### [Directions for this task]
Restate every record word for word, without the pictures.

### Source material

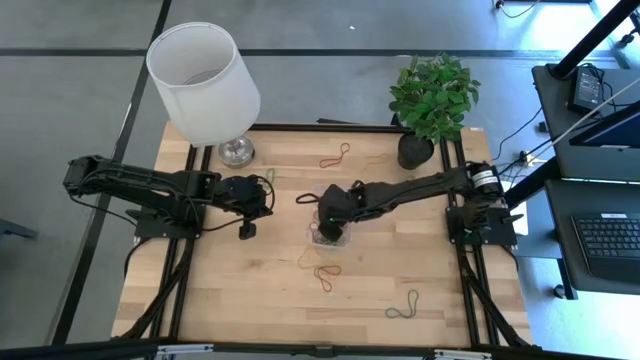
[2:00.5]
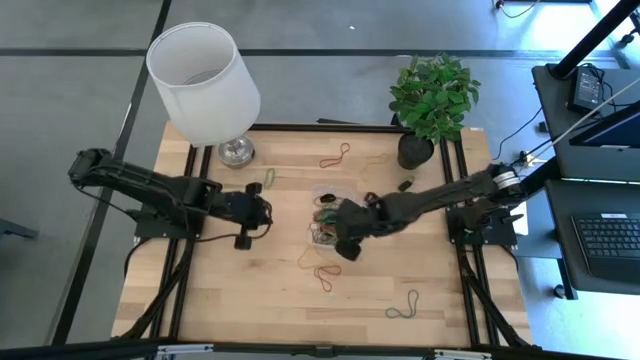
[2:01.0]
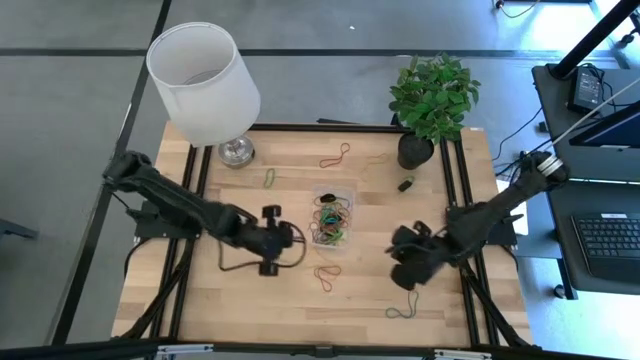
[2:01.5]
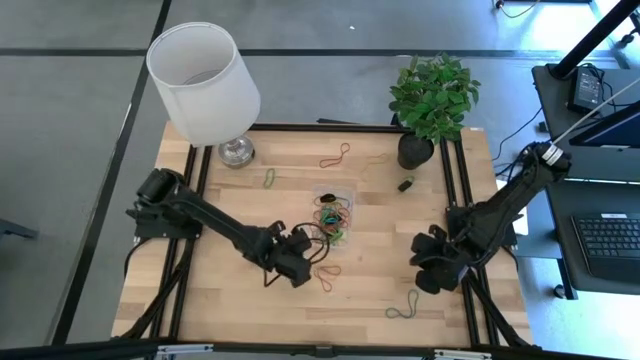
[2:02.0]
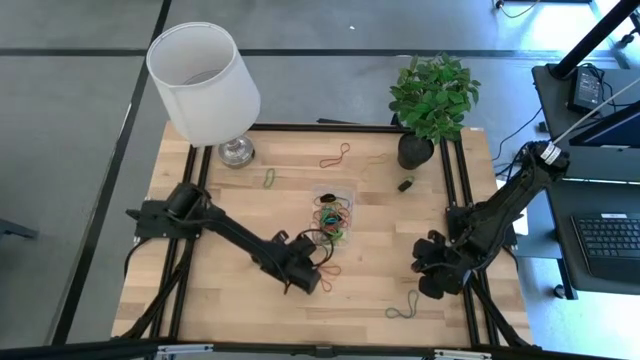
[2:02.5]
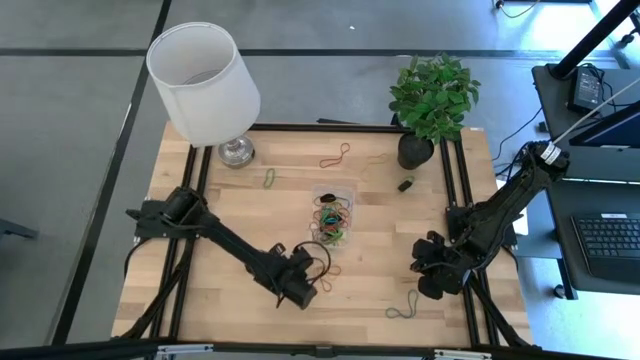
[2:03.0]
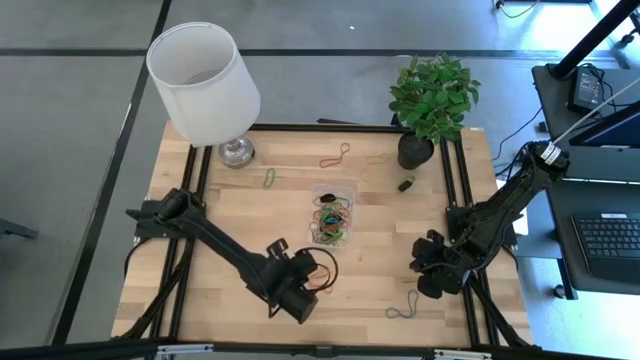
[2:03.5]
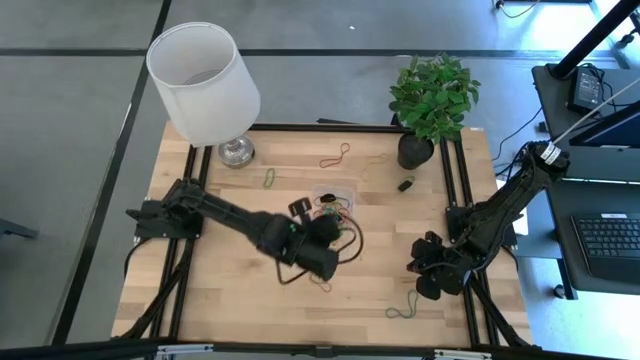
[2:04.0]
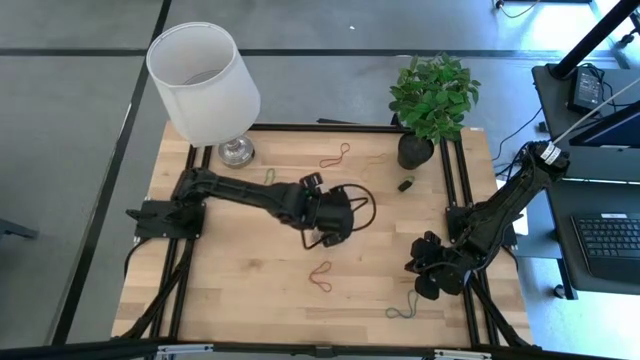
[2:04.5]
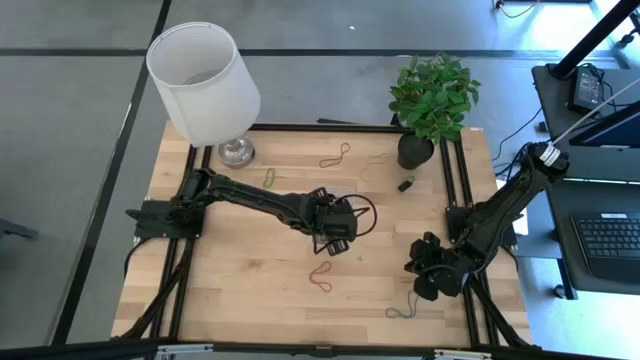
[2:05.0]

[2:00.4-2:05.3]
Task: Pick and place rubber bands into bin
Put the bottom yellow rubber band into the bin

######

### [Your solution]
[2:00.5]
[2:01.0]
[2:01.5]
[2:02.0]
[2:02.5]
[2:03.0]
[2:03.5]
[2:04.0]
[2:04.5]
[2:05.0]

[2:00.4-2:05.3]
Task: Pick and place rubber bands into bin
Put the bottom yellow rubber band into the bin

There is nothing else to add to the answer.